120 processes created at once and 120 connections are created at once in the init function. But, as the script runs, the connection number dropped to < 10, why? And even hit the error as below finally. Can we say each connection used in the func is one of those 120 established connections?

multiprocessing.pool.RemoteTraceback:
"""
Traceback (most recent call last):
  File "/usr/lib64/python3.6/multiprocessing/pool.py", line 119, in worker
    result = (True, func(*args, **kwds))
  File "/usr/lib64/python3.6/multiprocessing/pool.py", line 44, in mapstar
    return list(map(*args))
  File "./refresh_db_mt_common.py", line 162, in func
    cursor = cnx.cursor()
  File "/usr/lib64/python3.6/site-packages/mysql/connector/connection_cext.py", line 541, in cursor
    raise errors.OperationalError("MySQL Connection not available.")
mysql.connector.errors.OperationalError: MySQL Connection not available.
"""

This error is caused by the cnx.close() at the end of the func. 120 db connections are created by adding the connection creation login in the init() function. And later on, as one of the worker finished the assigned job, it goes to the end of the func(), and it close the connection. But since the worker will be used to handle other task in the backlog, but the question is, the per process connection is closed by previous task operation, which cause the current process has no connection at all, that is why it hit the connection not variable issue.

When the init function is called? It is called only once when each worker process is created.

Example 3

  with Pool(initializer=init, processes=120) as p:
      p.map(func, lines)
  p.close()
  p.join()
conn_pool = None
def init():
    global conn_pool
    conn_pool = mcp(1, "mypool", **config)

def func(array):
    cnx = conn_pool.get_connection()
    ...
    cnx.close()

This is the best option.

Create the pool with 1 connection inside in the init function, that means 120 connection pool is created, and even we close the connection at the end of the func, the connection pool is still there, and can be used by the subprocess to handle the following up tasks with the same connection from the same pool.
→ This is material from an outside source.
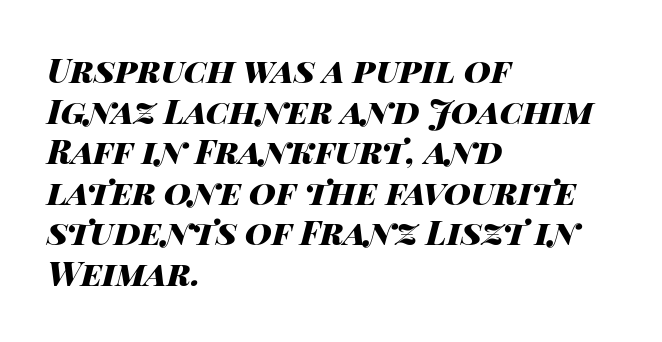
{"italic": "yes", "lean": "right", "slant_degrees": 14, "bold": "yes", "weight": "heavy", "width": "wide", "stroke_contrast": "high", "x_height": "large", "monospaced": "no", "underline": "no", "align": "left", "line_spacing_ratio": 1.23, "letter_spacing": "normal", "letter_spacing_em": 0.0, "glyph_px": 33}

So, the question is, what is the best way to handle my use case, how to parallelize the DB connection from multiple processes with efficiency?

I found this.

which can probably give me insight and correct my bad thought:

  1. DB connection Pool is only helpful for multi-threads within a single process.
  2. Don't pass the DB connection Pool around the processes.
  3. Each process should use its own connection.

So, I changed my mind, and created a dedicate connection for each process. Due to limitation of the number that can be supported by the DB, I limit the number of processes as well.

No, the strange behavior due to the out-of-sync of the DB operation is gone.

Another problem that I have hit is regarding the initializer of the Pool. I used to put the connection establishment logic in the initializer of the constructor of the Pool, but, found that the connection created in the initializer is not per process, all the processes share the same connection. I found this by checking the connection numbers in the MySQL DB.